**Task statement**
Below are some records; give them all again exactly, but not the pictures.

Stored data
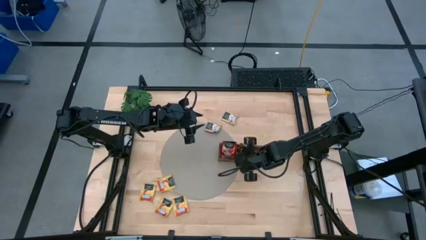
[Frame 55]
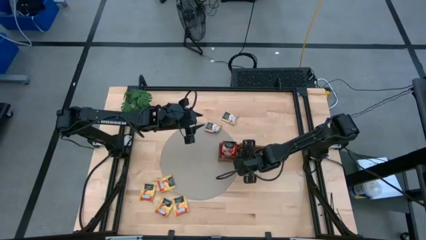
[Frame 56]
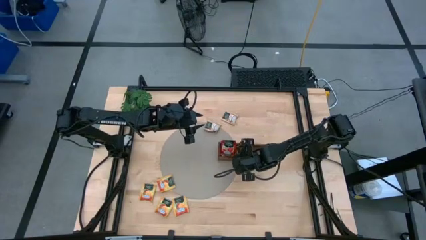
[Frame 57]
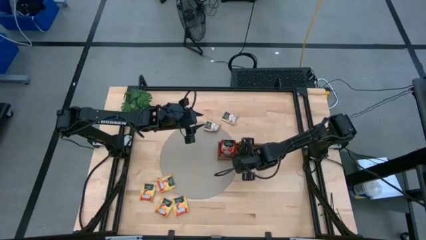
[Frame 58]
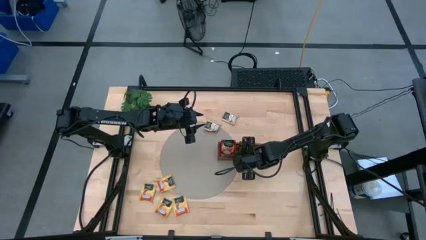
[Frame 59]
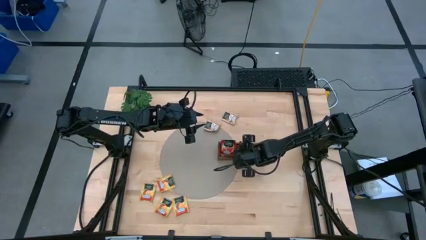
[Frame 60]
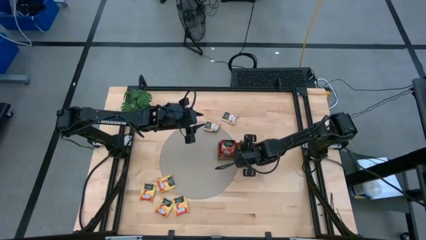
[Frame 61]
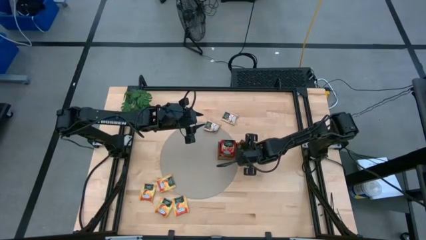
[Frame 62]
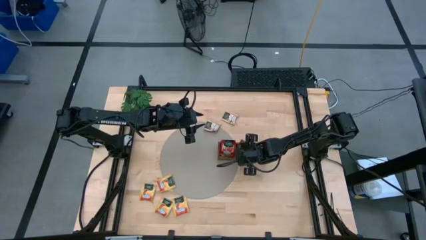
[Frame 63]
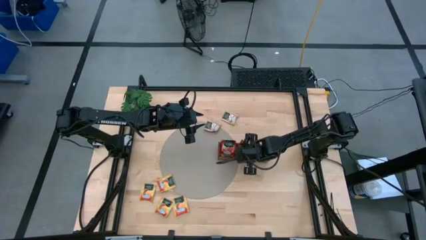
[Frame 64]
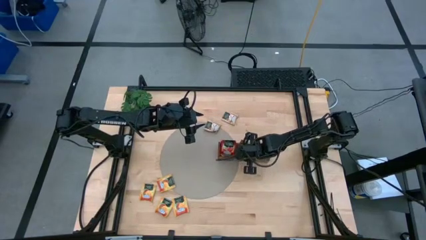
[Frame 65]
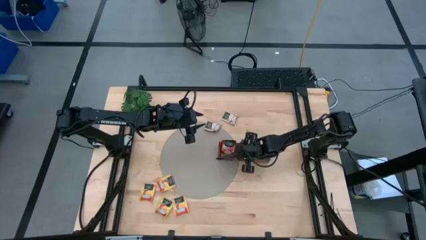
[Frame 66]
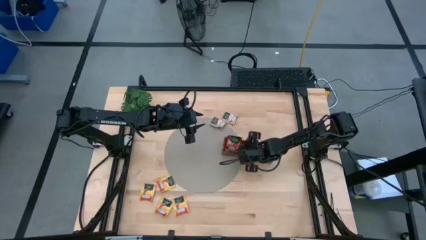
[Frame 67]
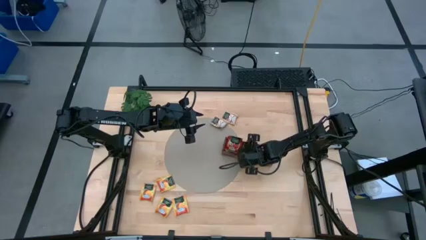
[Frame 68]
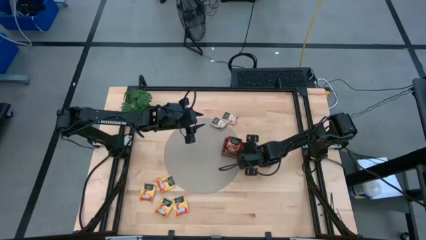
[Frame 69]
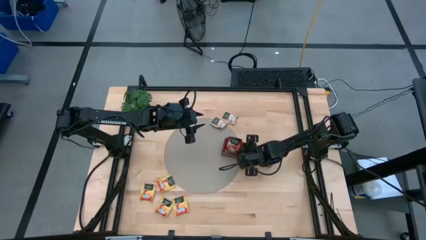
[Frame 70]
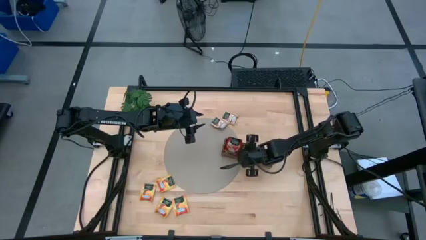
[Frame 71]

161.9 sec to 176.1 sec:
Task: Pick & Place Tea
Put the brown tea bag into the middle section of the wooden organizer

**Expected answer**
[Frame 55]
[Frame 56]
[Frame 57]
[Frame 58]
[Frame 59]
[Frame 60]
[Frame 61]
[Frame 62]
[Frame 63]
[Frame 64]
[Frame 65]
[Frame 66]
[Frame 67]
[Frame 68]
[Frame 69]
[Frame 70]
[Frame 71]

161.9 sec to 176.1 sec:
Task: Pick & Place Tea
Put the brown tea bag into the middle section of the wooden organizer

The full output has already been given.